A recent headline stated that 1000’s of smaller businesses would no longer be subject to routine inspection by enforcement officers. In practice, all lower risk workplaces such as shops and offices have been left to their own devices since the current Government took office. There is no change in policy. HSE and local authority inspectors will continue to concentrate on higher risk activities, but will visit any workplace that has a poor record. This would include any existing data showing previous non-compliances, where there has been a complaint or allegation, or after an incident has occurred.

RIDDOR likely to become RIDOR

If the latest proposed changes to the Reporting of Injuries, Diseases and Dangerous Occurrences Regulations 1995 are approved, employers will no longer have a duty to report diseases arising out of a work activity. It is felt that there are sufficient alternative methods of gathering this data, and the present reporting system relies upon obtaining the consent of the person with the disease, as it is disclosure of a medical report.

With current staffing levels, there are only 18 full-time equivalent occupational health inspectors in Great Britain. We will update clients if and when this change takes effect.
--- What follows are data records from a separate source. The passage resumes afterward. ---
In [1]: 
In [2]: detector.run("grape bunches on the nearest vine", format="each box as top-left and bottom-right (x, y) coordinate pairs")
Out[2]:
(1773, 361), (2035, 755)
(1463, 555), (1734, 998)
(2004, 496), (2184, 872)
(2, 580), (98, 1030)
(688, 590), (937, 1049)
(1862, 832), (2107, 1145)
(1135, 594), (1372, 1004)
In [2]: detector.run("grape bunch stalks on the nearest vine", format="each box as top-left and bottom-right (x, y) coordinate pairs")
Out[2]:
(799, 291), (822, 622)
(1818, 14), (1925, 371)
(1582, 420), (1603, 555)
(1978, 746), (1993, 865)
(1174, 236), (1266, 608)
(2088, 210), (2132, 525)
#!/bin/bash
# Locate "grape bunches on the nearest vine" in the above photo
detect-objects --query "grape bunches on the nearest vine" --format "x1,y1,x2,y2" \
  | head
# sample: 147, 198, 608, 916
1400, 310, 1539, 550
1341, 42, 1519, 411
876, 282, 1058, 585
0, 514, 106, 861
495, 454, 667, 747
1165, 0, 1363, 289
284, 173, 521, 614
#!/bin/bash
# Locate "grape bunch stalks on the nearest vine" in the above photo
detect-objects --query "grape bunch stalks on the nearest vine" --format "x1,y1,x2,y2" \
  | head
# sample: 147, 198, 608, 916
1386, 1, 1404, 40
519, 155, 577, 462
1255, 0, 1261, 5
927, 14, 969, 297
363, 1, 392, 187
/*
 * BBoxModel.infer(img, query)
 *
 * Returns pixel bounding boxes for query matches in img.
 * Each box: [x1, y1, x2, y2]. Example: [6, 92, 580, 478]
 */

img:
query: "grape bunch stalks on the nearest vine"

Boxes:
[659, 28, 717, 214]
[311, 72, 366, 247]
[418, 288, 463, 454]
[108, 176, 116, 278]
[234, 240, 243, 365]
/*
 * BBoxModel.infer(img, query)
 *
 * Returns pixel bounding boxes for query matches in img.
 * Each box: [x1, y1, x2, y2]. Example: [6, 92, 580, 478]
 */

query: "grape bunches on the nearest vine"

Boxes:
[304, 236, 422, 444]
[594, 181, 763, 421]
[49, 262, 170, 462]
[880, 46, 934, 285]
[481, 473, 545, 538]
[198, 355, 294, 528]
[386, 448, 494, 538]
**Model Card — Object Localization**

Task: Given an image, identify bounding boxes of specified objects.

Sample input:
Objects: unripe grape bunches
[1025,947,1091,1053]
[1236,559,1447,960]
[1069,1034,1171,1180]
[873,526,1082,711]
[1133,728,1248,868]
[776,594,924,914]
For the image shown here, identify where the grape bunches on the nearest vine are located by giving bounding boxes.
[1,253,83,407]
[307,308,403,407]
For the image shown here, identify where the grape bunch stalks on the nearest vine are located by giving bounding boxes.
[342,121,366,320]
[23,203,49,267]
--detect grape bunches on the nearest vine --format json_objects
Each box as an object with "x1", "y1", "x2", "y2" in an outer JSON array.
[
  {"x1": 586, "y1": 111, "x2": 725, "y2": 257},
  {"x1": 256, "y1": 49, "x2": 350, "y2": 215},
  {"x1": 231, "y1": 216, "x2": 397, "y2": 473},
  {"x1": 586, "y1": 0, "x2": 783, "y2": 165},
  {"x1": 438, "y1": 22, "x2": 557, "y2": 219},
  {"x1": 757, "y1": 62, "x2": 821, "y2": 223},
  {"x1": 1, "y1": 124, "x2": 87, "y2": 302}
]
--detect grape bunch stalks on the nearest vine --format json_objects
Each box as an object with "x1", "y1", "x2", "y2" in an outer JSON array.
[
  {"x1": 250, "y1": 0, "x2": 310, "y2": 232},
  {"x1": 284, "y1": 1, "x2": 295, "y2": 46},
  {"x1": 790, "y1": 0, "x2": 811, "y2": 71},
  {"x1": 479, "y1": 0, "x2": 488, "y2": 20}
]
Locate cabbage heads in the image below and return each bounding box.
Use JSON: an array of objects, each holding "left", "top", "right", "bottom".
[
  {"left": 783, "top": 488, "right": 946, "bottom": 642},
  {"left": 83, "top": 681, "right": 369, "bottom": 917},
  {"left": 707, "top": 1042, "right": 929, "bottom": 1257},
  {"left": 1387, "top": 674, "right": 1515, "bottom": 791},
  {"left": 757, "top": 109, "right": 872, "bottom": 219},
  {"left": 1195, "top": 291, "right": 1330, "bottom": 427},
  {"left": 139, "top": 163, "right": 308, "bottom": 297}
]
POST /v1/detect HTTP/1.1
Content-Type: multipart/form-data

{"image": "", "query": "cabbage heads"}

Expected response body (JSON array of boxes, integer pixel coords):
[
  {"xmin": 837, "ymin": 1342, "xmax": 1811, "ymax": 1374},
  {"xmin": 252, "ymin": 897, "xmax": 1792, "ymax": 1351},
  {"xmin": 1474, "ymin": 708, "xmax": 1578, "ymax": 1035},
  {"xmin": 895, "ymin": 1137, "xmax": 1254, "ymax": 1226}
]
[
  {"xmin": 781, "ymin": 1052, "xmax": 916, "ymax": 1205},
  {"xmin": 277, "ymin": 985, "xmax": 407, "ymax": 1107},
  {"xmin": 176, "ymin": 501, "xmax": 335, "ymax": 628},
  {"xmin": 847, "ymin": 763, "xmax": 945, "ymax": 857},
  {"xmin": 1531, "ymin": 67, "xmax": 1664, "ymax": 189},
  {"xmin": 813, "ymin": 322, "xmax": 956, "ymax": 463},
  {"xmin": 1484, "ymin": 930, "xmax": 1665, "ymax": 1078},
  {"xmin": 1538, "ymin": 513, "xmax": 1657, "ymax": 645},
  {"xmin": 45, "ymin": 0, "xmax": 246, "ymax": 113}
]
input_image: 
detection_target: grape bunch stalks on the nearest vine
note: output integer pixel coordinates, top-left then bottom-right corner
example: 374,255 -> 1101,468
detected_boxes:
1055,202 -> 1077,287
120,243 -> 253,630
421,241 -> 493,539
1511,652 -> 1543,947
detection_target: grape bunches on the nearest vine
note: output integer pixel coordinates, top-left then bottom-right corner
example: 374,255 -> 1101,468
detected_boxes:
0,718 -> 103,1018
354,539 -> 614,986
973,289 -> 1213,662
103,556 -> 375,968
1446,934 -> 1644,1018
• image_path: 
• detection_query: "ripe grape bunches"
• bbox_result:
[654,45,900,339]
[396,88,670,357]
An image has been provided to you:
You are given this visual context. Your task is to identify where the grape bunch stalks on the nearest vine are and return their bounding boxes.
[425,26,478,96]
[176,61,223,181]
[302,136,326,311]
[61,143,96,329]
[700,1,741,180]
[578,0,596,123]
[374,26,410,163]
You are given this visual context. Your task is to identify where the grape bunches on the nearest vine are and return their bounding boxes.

HSE to step up inspections to prevent legionella

Following recent outbreaks in Edinburgh and Stoke, the Health and Safety Executive will be embarking on an 18-month programme to improve the management of legionella control. No details of the initiative are yet announced, but higher risk installations such as cooling towers will be prioritised.

Night shifts increase health risks

The British Medical Journal has reported the findings of a study that has identified a correlation between people who work night shifts and irregular hours, and the prevalence of heart disease.

Shift work can interrupt the body’s normal rhythms, and interference with the body clock is linked with risks of diabetes, high cholesterol and raised blood pressure. Those health issues are associated with cardiovascular disease, heart attacks and strokes. Professor Hackam, a clinical pharmacologist who headed up the research team, concluded that night shift workers are 41% more likely to have heart disease. In the UK it is estimated than around one in five workers have shifts that include night duty.

School conned by rogue asbestos contractors

In August, Oxford Magistrates’ Court heard a case in which two contractors admitted falsifying records relating to a job for Our Lady’s Abingdon School.

Asbestos analyst Richard Gray from Hoddesdon, and David Gray (no relation) from Oxford, who is a supervisor for a licensed asbestos contractor, had taken short cuts. They gave the school a false statement of asbestos clearance, probably to save them the trouble of doing the job correctly. The con was revealed after an engineer went to the school to do plumbing work and came across asbestos that had purportedly been removed. During the investigation, a GPS tracking system was able to show that Richard Gray’s vehicle did not attend the school but had been taken from a motorway service station to his home address. He had gone to the services to meet his namesake where they concocted the false documents. Richard Gray was fined £4,000 with £1,000 costs, and David Gray was fined £1,000 with £250 costs.

Corporate manslaughter penalty

Manchester Crown Court has ordered Lion Steel Equipment Limited to pay a fine of £480,000 following the death of one of its employees from injuries sustained in May 2008.

A maintenance worker, Steven Berry, fell through the rooflight of the company’s Cheshire factory to the floor below. He was expected to work at height unsupervised on the fibreglass roof with no safety equipment and was given no training.

Although it was impossible to explain exactly why Mr Berry fell, the absence of crawling boards, barriers etc were ample evidence of unsafe working systems. The conviction is the third under the Corporate Manslaughter and Corporate Homicide Act 2007. The firm is allowed to pay the fine and costs over three years.